Marmanillo grew up and studied the culinary arts in Peru, and his teachers included chef Roger Arakaki, a Nikkei chef behind spots like Lima’s Sushi Ito. Since then, Marmanillo cooked in several Portland Peruvian restaurants like Paiche, co-opened Casa Zoraya with his mother, Zoraya Zambrano, and worked at Italian restaurant DOC, where he met Eckersley. The two remained friends since, and occasionally discussed opening a Nikkei restaurant. When Kumar announced he was looking for a chef to run the kitchen at Lulu, Eckersley reached out to him with the idea of bringing on Marmanillo and finally opening their Nikkei restaurant. Kumar agreed, and the team went to work on the menu, calling the concept Jarana PDX.

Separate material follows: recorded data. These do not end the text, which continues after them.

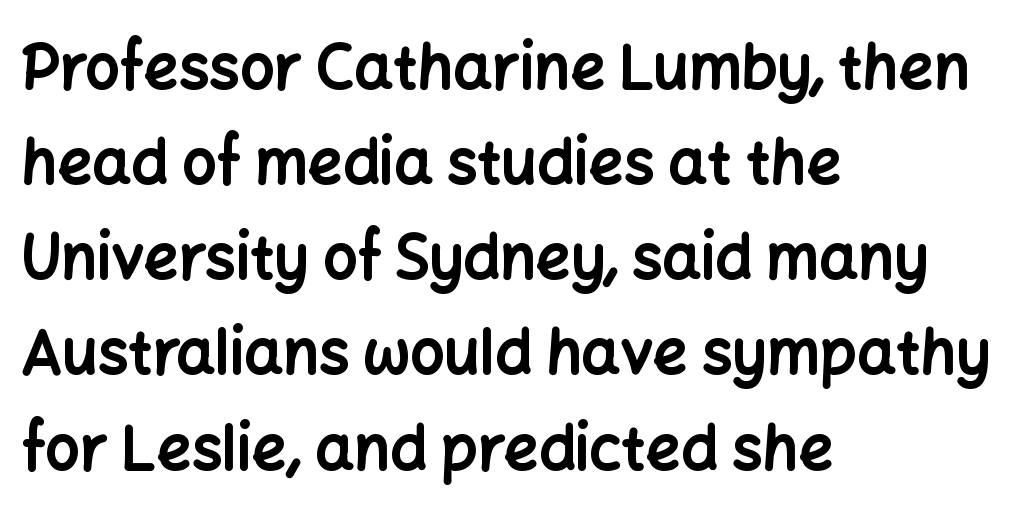
Q: Is the text bold? A: Yes.
Q: Is the text italic (slanted)? A: No, it is upright.
Q: Is the typeface a serif or a sans-serif typeface? A: Sans-serif.
Q: Is the text underlined? A: No.
Q: How is the paragraph aligned? A: Left-aligned.
Q: Is the spacing between letters normal or unusually wide? A: Normal.
Q: Is the spacing between lines tight, normal or loose? A: Normal.
Q: Width (condensed, normal, or wide)? A: Normal.
Q: Stroke contrast? A: Low.
Q: x-height? A: Medium.
Q: Monospaced? A: No.
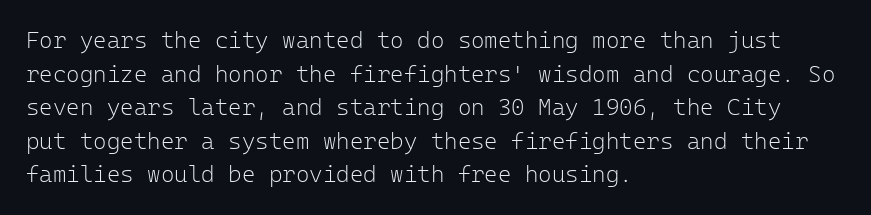
{"italic": "no", "bold": "no", "underline": "no", "align": "left", "line_spacing": "normal", "line_spacing_ratio": 1.46, "letter_spacing": "normal", "letter_spacing_em": 0.0, "glyph_px": 23}
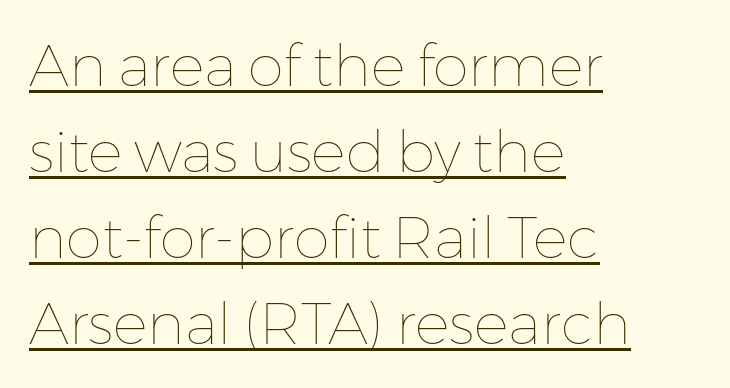
The image shows 58 px thin type, upright; set left-aligned, normal line spacing (1.48x), normal letter spacing, underlined; low stroke contrast and a medium x-height.
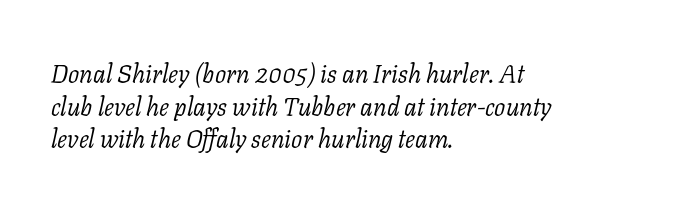
{"italic": "yes", "lean": "right", "slant_degrees": 11, "bold": "no", "underline": "no", "align": "left", "line_spacing": "normal", "line_spacing_ratio": 1.31, "letter_spacing": "normal", "letter_spacing_em": 0.0, "glyph_px": 25}
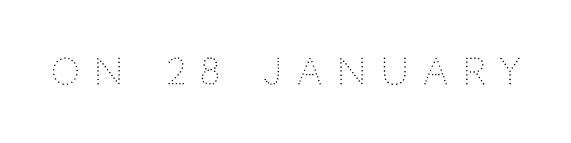
Q: Is the text bold? A: No.
Q: Is the text italic (slanted)? A: No, it is upright.
Q: Is the typeface a serif or a sans-serif typeface? A: Sans-serif.
Q: Is the text underlined? A: No.
Q: Is the spacing between letters normal or unusually wide? A: Unusually wide.
Q: Width (condensed, normal, or wide)? A: Normal.
Q: Stroke contrast? A: Low.
Q: x-height? A: Large.
Q: Monospaced? A: No.
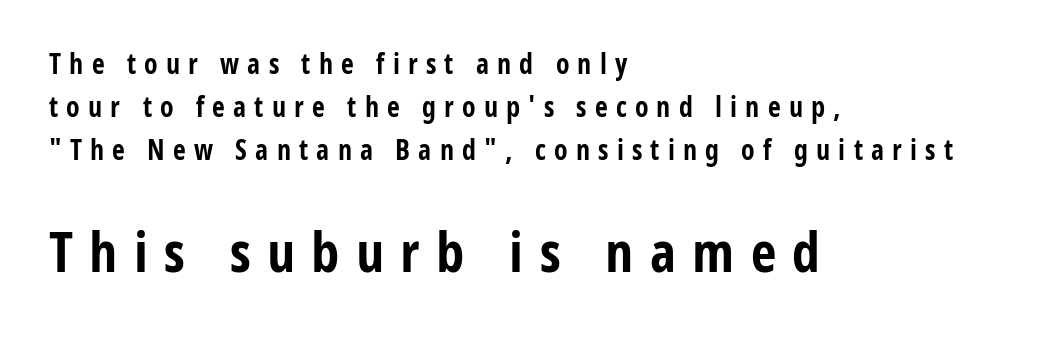
Q: Is the text bold? A: Yes.
Q: Is the text italic (slanted)? A: No, it is upright.
Q: Is the typeface a serif or a sans-serif typeface? A: Sans-serif.
Q: Is the text underlined? A: No.
Q: How is the paragraph aligned? A: Left-aligned.
Q: Is the spacing between letters normal or unusually wide? A: Unusually wide.
Q: Is the spacing between lines tight, normal or loose? A: Normal.
Q: Which block of text is set in a larger size, the first (top) or the second (bottom)? A: The second (bottom) one.
Q: Width (condensed, normal, or wide)? A: Condensed.
Q: Stroke contrast? A: Low.
Q: x-height? A: Medium.
Q: Monospaced? A: No.
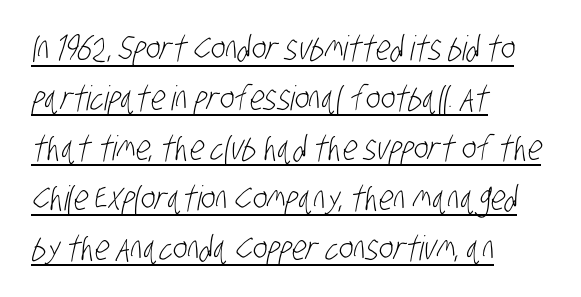
Q: Is the text bold? A: No.
Q: Is the typeface a serif or a sans-serif typeface? A: Sans-serif.
Q: Is the text underlined? A: Yes.
Q: How is the paragraph aligned? A: Left-aligned.
Q: Is the spacing between letters normal or unusually wide? A: Normal.
Q: Is the spacing between lines tight, normal or loose? A: Normal.
Q: Width (condensed, normal, or wide)? A: Condensed.
Q: Stroke contrast? A: Low.
Q: x-height? A: Large.
Q: Monospaced? A: No.
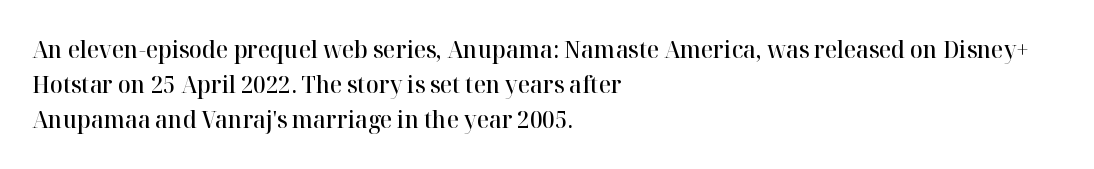
The image shows 24 px text type, upright; set left-aligned, normal line spacing (1.46x), normal letter spacing, not underlined.
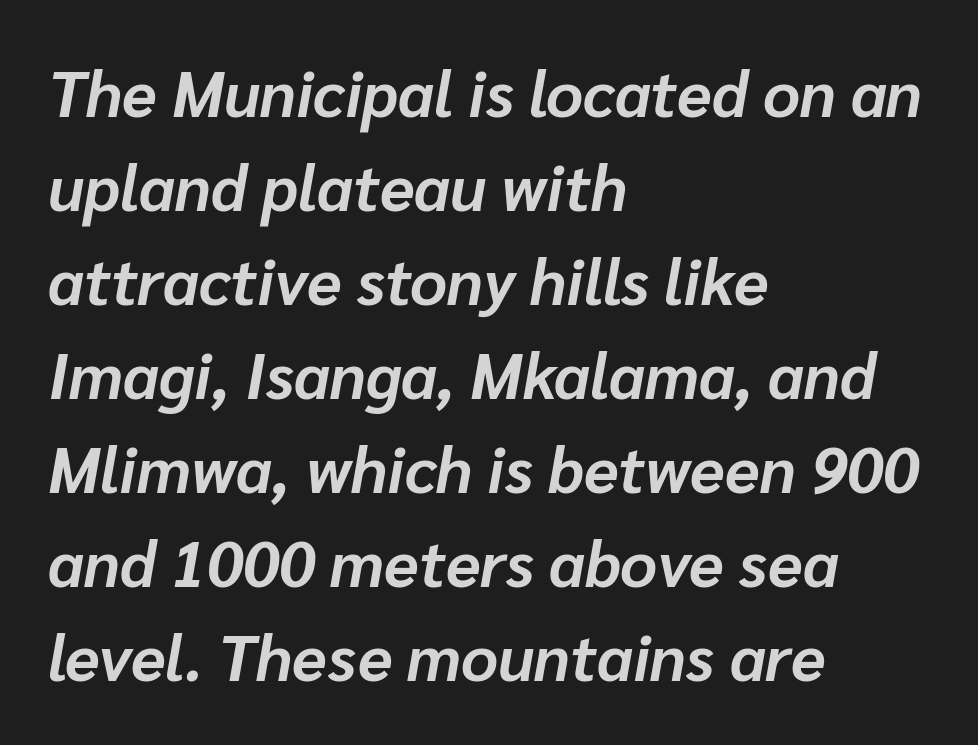
The image shows 64 px bold type, italic (leaning right); set left-aligned, normal line spacing (1.47x), normal letter spacing, not underlined; low stroke contrast and a medium x-height.

In Peru, jarana is a kind of gathering, a festive party between neighbors, Marmanillo explains. It’s that kind of convivial vibe that the team is working to create at this new version of Lulu, as well as providing the city a real look at Nikkei cooking. Though the menu will likely source locally and change seasonally, much like Quaintrelle, it will start with a number of standing dishes. Eckersley and Marmanillo are particularly excited about dishes like oysters with passionfruit and shoyu, rockfish ceviche with fried calamari and Peruvian cancha (corn nuts), and tiradito, a classic Nikkei dish that’s essentially a cross between ceviche and sashimi — at Jarana PDX, it’s made with hamachi, leche de tigre, and trout roe. Marmanillo is also excited about the pulpo al olivo, a traditional Peruvian dish featuring octopus in an olive sauce with bacon.
Also on the menu: empanadas, the recipe of which comes from Marmanillo’s mother, who taught both Marmanillo and Eckersley how to make them. One will be meat (opening with a chicken and bay shrimp empanada), the other made with vegetables sourced from Portland farmers markets. Vegans will find dishes like a tiradito made with sous-vide king oyster mushrooms, and there will be plenty of gluten-free options.

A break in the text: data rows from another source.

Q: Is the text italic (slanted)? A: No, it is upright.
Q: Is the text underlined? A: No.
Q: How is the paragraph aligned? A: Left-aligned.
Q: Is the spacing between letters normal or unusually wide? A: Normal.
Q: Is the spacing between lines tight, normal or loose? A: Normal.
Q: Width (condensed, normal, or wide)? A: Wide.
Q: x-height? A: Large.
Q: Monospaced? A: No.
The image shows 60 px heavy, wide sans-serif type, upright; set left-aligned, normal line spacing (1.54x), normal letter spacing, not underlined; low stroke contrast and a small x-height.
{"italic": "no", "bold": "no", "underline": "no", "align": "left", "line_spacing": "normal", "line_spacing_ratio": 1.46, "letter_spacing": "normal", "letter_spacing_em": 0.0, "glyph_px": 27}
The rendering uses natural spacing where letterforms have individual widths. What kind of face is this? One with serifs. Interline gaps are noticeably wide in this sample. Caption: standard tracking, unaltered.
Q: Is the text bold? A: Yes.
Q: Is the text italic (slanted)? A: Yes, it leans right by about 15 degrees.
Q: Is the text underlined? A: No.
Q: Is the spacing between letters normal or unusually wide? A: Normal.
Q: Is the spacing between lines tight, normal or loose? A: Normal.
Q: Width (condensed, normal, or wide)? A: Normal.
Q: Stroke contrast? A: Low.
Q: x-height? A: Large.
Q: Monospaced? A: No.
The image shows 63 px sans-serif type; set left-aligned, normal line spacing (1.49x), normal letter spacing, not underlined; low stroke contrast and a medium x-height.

While Jarana is one focus for Lulu, the other is on its new drink menu. A few standbys will remain, including the kiwi and mezcal drink Pretty Ugly, whose green hues match the bar space, and the New Fashioned, a take on the Old Fashioned that Kumar says was a popular item. Joining the menu will be some pisco, including a pisco sour, to pair with the food, and Kumar says that he’ll be playing with some Japanese ingredients for cocktails. The team is also collaborating on a wine menu meant to pair with the dishes — think funky, natural wines, according to Eckersley. There will be two taps for white and rosé, along with wine pours for white, red, and bubbly. A “small but mighty” array of bottles will also be available, many local and focused on wines that would also fit with Quaintrelle’s bottle list.
Lulu is expected to re-open by the weekend of the 23rd, though Kumar says he’d rather delay re-opening and get everything right than rush it. When it does open, it will operate from 4 p.m. to midnight on Wednesdays and 4 p.m. to 1 a.m. Thursday through Saturday. Jarana will be operating whenever the bar is, so that diners can find a plate of ceviche, some oysters, and an empanada late into the evening.